FIGURE 1 (A) Left lateral fluoroscopic image of the positive retrograde cystourethrogram demonstrating diffusely irregular urinary bladder mucosal margins and outpouching of the urinary bladder in the left dorsolateral aspect of the apex (red arrow). Note the absence of leakage of contrast material into the abdomen. (B) Abdominal ultrasound demonstrating severe, focal thickening and loss of normal wall layering at the level of the urinary bladder apex.

Citation: Journal of the American Animal Hospital Association 56, 4; 10.5326/JAAHA-MS-6910

An abdominal ultrasound of the bladder was then performed (Figure 1B). A moderate amount of slightly echogenic fluid was present throughout the peritoneal cavity. Within the spleen, there was a focal, ill-defined, heterogeneously hypoechoic nodule, which measured approximately 5.3 mm in diameter. At the level of the urinary bladder apex, the left ventral wall was focally, severely thickened (1.6 cm) and irregularly margined with loss of normal wall layering. In this region within the wall, multiple hyperechoic, reverberating foci, consistent with gas, were identified, and the urinary wall tapered abruptly, focally. A discrete defect in the urinary bladder wall was not identified. Possible differential diagnoses for the changes within the urinary bladder included severe cystitis or a neoplastic etiology.

Medical management consisting of maintenance of an indwelling urinary catheter for 5–7 days and continuation of antibiotics and supportive care was pursued. Surgical options of an exploratory celiotomy with possible partial cystectomy or bladder wall biopsies was recommended but declined because of financial limitations.

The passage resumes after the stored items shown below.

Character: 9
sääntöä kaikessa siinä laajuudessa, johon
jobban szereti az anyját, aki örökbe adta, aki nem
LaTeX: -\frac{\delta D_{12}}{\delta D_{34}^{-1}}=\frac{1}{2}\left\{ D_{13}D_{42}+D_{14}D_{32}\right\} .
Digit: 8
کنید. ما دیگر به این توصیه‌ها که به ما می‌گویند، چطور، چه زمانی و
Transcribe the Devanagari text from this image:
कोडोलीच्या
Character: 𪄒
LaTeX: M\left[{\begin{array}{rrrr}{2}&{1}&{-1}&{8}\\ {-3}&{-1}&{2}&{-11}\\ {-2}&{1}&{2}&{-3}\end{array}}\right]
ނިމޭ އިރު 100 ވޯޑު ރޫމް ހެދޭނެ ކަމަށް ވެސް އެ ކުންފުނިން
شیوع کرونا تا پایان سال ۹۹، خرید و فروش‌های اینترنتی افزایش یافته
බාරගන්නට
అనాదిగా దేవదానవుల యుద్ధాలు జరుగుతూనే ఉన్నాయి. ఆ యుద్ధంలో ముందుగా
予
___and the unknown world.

The dog remained in the hospital with an indwelling urinary catheter for 5 days. Urine output was compared with the IV fluid rate to ensure adequate kidney function. Sequential A-FASTs were performed daily, and the peritoneal effusion resolved. A central IV line was placed in the jugular vein to enable ease of venous blood sampling. A CBC and serum biochemical analysis were performed on day 3 of hospitalization. The prior leukocytosis and neutrophilia had resolved. A mild monocytosis (1.2 K/μL; referenced interval, 0.1–0.8 K/μL) and thrombocytopenia (104 K/μL; referenced interval, 134–396 K/μL) had developed. There was a mild increase in alanine aminotransferase (115 U/L; referenced interval, 18–64 U/L) and aspartate aminotransferase (70 U/L; referenced interval, 15–52 U/L) as well as a mild hypoproteinemia (4.6 g/dL; referenced interval, 5.6–7.5 g/dL) with a hypoalbuminemia (1.8 g/dL; referenced interval, 2.9–3.8 g/dL). The urine culture had no microbial growth at 5 days, and the dog’s demeanor and appetite improved.

The urinary catheter was removed on day 5 of hospitalization. Scant peritoneal effusion was appreciated on an A-FAST prior to removal of the urinary catheter. Eight hours following removal of the urinary catheter, the dog was noted to be quieter and not interested in food. An A-FAST revealed a large urinary bladder, and he was taken outside to urinate. The dog exhibited stranguria and pollakiuria, with minimal urine production. An A-FAST performed following this event identified a moderate amount of peritoneal effusion and a small urinary bladder. Abdominocentesis was performed and fluid analysis revealed a creatinine of 15.3 mg/dL and a potassium of 15.1 mEq/L. This was compared with a peripheral venous blood sample: creatinine of 1.8 mg/dL and potassium of 5.68 mEq/L, confirming the presence of uroabdomen.15 An indwelling urinary catheter was replaced, and the dog was transferred to the Soft Tissue Surgery Service. A positive-contrast retrograde cystogram was repeated and urine leakage was noted at the left dorsolateral aspect of the bladder apex.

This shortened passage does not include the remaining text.